Keep kids engaged and learning with a few easy activities.

by Christina Katz

Your kids probably are going to overnight camp or day camp or a workshop or summer school. However, some of the summer they will be home with no structured activities.
Your first instinct might be to give them the summer off, but don’t. Put this enrichment routine into effect and watch your child go from listless and unmotivated to enthusiastic and engaged. You can prevent the ‘Summer Slide’ with an at-home program of your own making during the last weeks before school starts.

Schedule daily, weekly and monthly chores

Your child is part of the family and therefore part of a team. Summer is not your only chance to reinforce this principle, but more free time can mean more help around the house. Make a chores list and divide it up into daily, weekly and monthly chores so kids can’t wiggle out of helping with big jobs like cleaning out the garage or washing the cars. Kids like to feel like they are graduating to more sophisticated chores the older they get, so make sure the level of difficulty of each chore matches each child’s aptitudes and abilities. Kids can feel proud of pitching in whether simply emptying the dishwasher daily, cleaning their room weekly, or doing yard work with the whole family every other week.

Issue a reading challenge

Your child’s brain will turn to mush if you let him do nothing but play video games and watch TV. It’s not too late to sign the kids up for an age-appropriate summer reading challenge through your local library or even create your own. We buy our daughter eight age-appropriate reading-challenge books before school gets out. The rule is she must read for at least a half-hour on weekday mornings before she can do anything else. The half-hour often turns into an hour or even hours depending on the book. Keep your costs down by using the library or buying second-hand books or e-books.

Learn something fun

What if everyone in your home learned something new each summer that interested them? Satisfying their interests will likely enrich the whole family so go ahead and set a date for a show and tell celebration at the end of the summer. Then look for summer learning opportunities through the local library, YMCA, or community center, and even online. Video training series are available online any given day, just make sure you screen the instructor, website and material for security and age-appropriateness. You can even help your kids create their own curriculum using books, videos, vocabulary, and a creative project. If you want to teach your kids that learning can be fun, put them in charge of learning a topic that motivates them and watch what happens.
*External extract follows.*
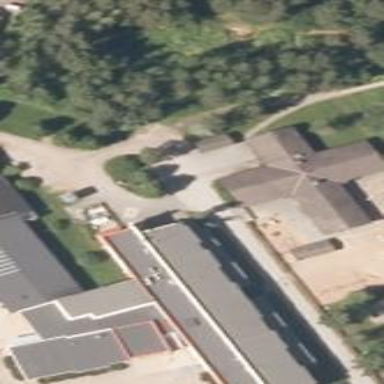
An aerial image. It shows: Kindergarten.

Tackle life-skill projects

Life skills are often not taught in school and learning new skills can be a fun, shared experience between parents and kids. Examples might be learning to cook with an elementary school child, redecorating a room with a tween, or balancing a checkbook with a teen. What’s nice about having a life-skill project with each of your children every summer is that it’s something you can bond over. Shopping for food together, deciding on paint colors together, and visiting the bank together suddenly become a shared adventure rather than a mundane task. As parents, we know a lot, and summer is the perfect time to connect while pursuing age-appropriate training.

Ban cell phones in the a.m.

In our house, phones are viewed as a privilege, not a right. As long as we pay for them, we get to model healthy cell phone behaviors no matter what the other parents are doing. So we don’t use cell phones until noon, every day, even when it’s not summer. The idea is that Samantha could be doing something enriching or creative with her brain that does not involve staring passively into a screen. However, we make an exception if the screen is being used in pursuit of self-expression. If she wants to look up fashions from different periods so she can render them more accurately in her fashion notebook, that’s allowed. We also permit a quick phone check first thing in the morning to wish someone a happy birthday or reply to a message.

Start these vacation policies when your kids are young if you can, although they will create a more balanced summer even if you start today with teens. Kids love having routines and these strategies will quickly become the new norm.
If you have company or go to someone else’s home, let the enrichment routine go for the sake of enjoying the moment. Routines create structure, which increase feelings of stability and security in kids. But don’t be afraid to bounce the routine in favor of an impromptu trip to the pond or lake or beach. With summer enrichment routines, parents create a happier, more peaceful summer for the whole family.